By assembling Bit Value Commitments as inputs and outputs into logic gates, with each logic gate representing a leaf node with different inputs and outputs, and combining them into a circuit binary tree, the published Circuit Taproot is the root of the binary tree, reducing the size of the publication.
Circuit Taproot serves as the commitment submitted by B² Rollup on the first-layer blockchain network, Bitcoin. Unlike traditional ZK-Rollup, which can perform verification on the first-layer network, B² Rollup cannot directly perform verification on Bitcoin. However, it can provide a challenge mechanism for the commitment, similar to the approach of Optimistic Rollup, to confirm the Circuit Taproot commitment.
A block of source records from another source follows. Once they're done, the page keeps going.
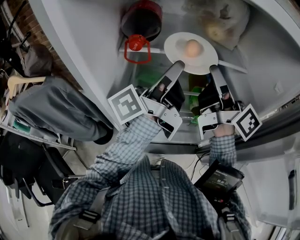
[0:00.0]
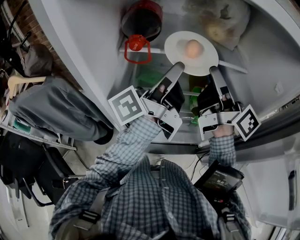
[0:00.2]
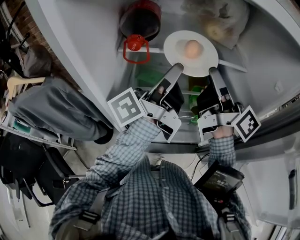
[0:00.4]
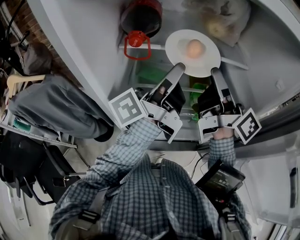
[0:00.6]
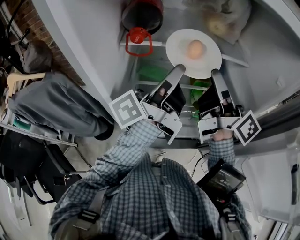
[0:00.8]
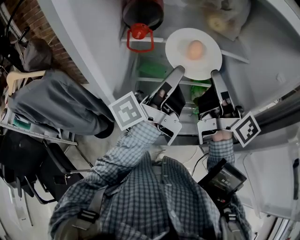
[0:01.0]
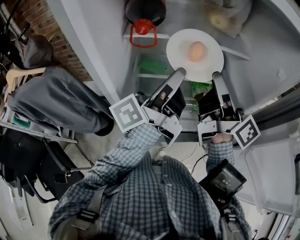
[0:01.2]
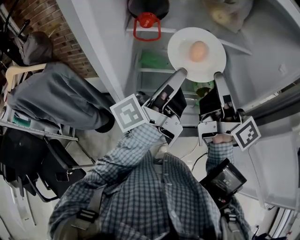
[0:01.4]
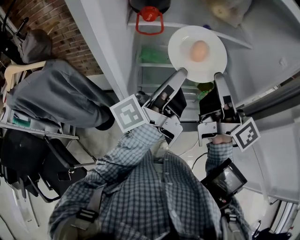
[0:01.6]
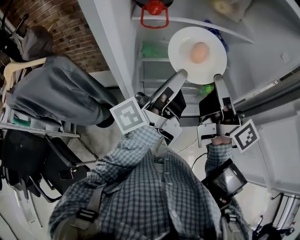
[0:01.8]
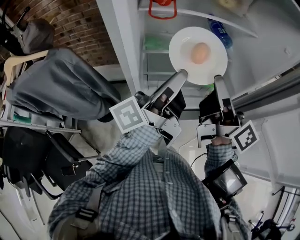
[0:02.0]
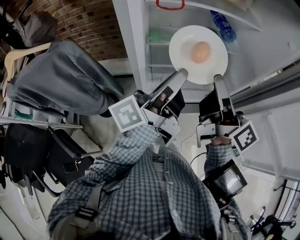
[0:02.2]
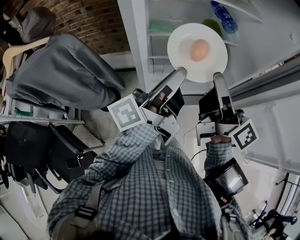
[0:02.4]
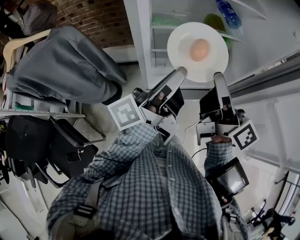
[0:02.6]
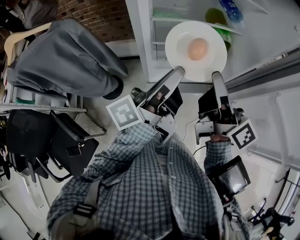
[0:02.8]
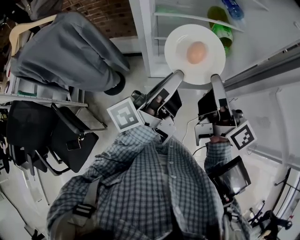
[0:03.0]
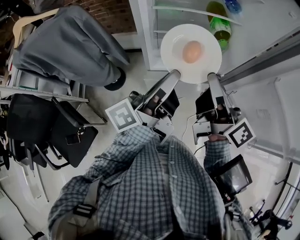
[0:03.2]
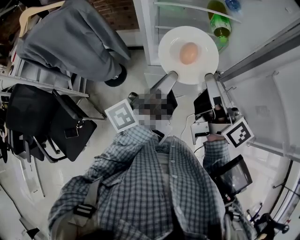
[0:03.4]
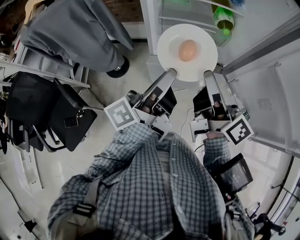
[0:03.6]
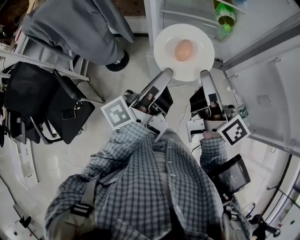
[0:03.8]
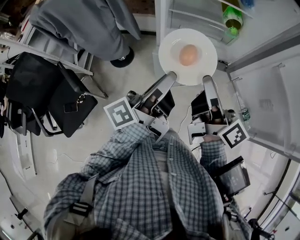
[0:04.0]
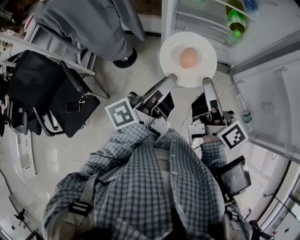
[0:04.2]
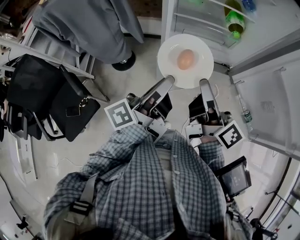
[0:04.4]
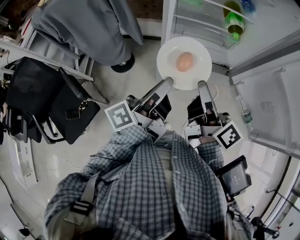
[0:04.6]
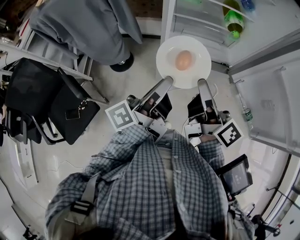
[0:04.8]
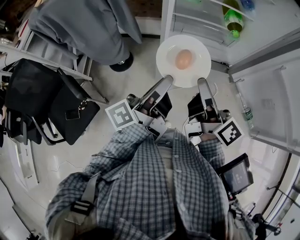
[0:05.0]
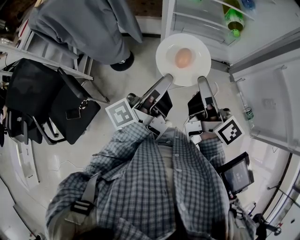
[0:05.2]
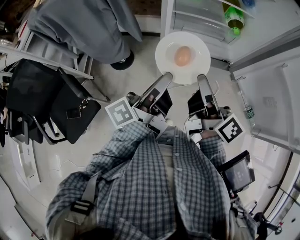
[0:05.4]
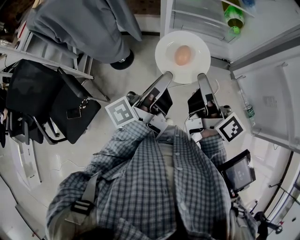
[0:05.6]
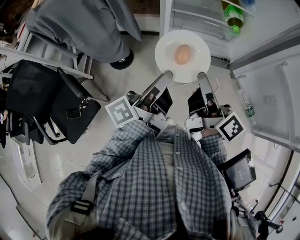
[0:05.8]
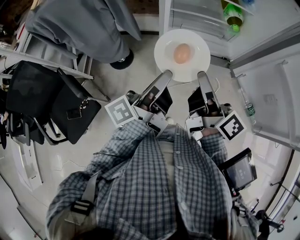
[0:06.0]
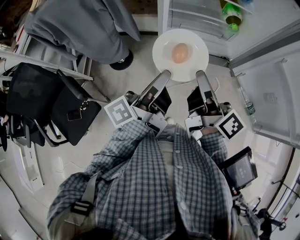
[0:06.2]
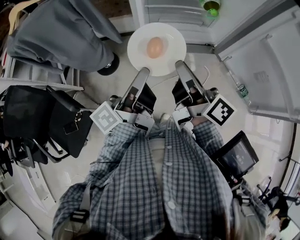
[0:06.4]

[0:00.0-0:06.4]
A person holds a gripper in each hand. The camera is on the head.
0:00.0 to 0:01.6: The two grippers go approximately 10 cm backward.
0:01.6 to 0:03.2: The two grippers go roughly 20 cm backward and downward.
0:03.2 to 0:04.8: Both grippers move backward and to the left, some 10 cm.
0:04.8 to 0:06.4: There are only small adjustments of the grippers.

Verification and Response Protocol
Unlike BitVM, which requires pre-signing of off-chain transactions between two parties, B² Network uses UTXO transactions with locked rewards, and the unlocking script is a Taproot script.
The specific unlocking Taproot script is prepared in advance by the Prover for each branch of the Circuit Taproot Tree, along with the input hash. The Challenger uses the preimage to execute the script. If the executed output does not match the Prover's submission, the entire Taproot can be unlocked using MAST (Merkleized Abstract Syntax Tree), allowing access to the locked reward.
Since the running cost of zero-knowledge verification programs is very low and very fast, users on the Bitcoin network can act as observers of the Challenge mechanism, verifying the commitments submitted by B² Rollup. If any inconsistencies are found, a challenge can be immediately initiated.
The challenge mechanism is similar to the "interactive verification game" of Arbitrum Rollup, continuously searching for incorrectly executed logic gate calculations. To find an error among many logic gates, a binary search approach is used to execute the gate circuit Bitcoin script. The challenger who finds the error branch the fastest can unlock the locked reward UTXO on the Bitcoin network and receive the reward.
Additionally, one branch of the Taproot locking script is a time-lock script. If no successful challenges occur, the Prover will unlock the UTXO and retrieve the reward after the challenge period ends.
Conclusion
Through the Ordinals Protocol, B² Network aggregates rollup data and proofs into Tapscript, effectively ensuring the data availability of the rollup.
By recording zero-knowledge proof verification commitments on Bitcoin, B² Network allows for a challenge mechanism against commitments by any observer, inheriting the security of Bitcoin and achieving consensus on rollup data on the Bitcoin network.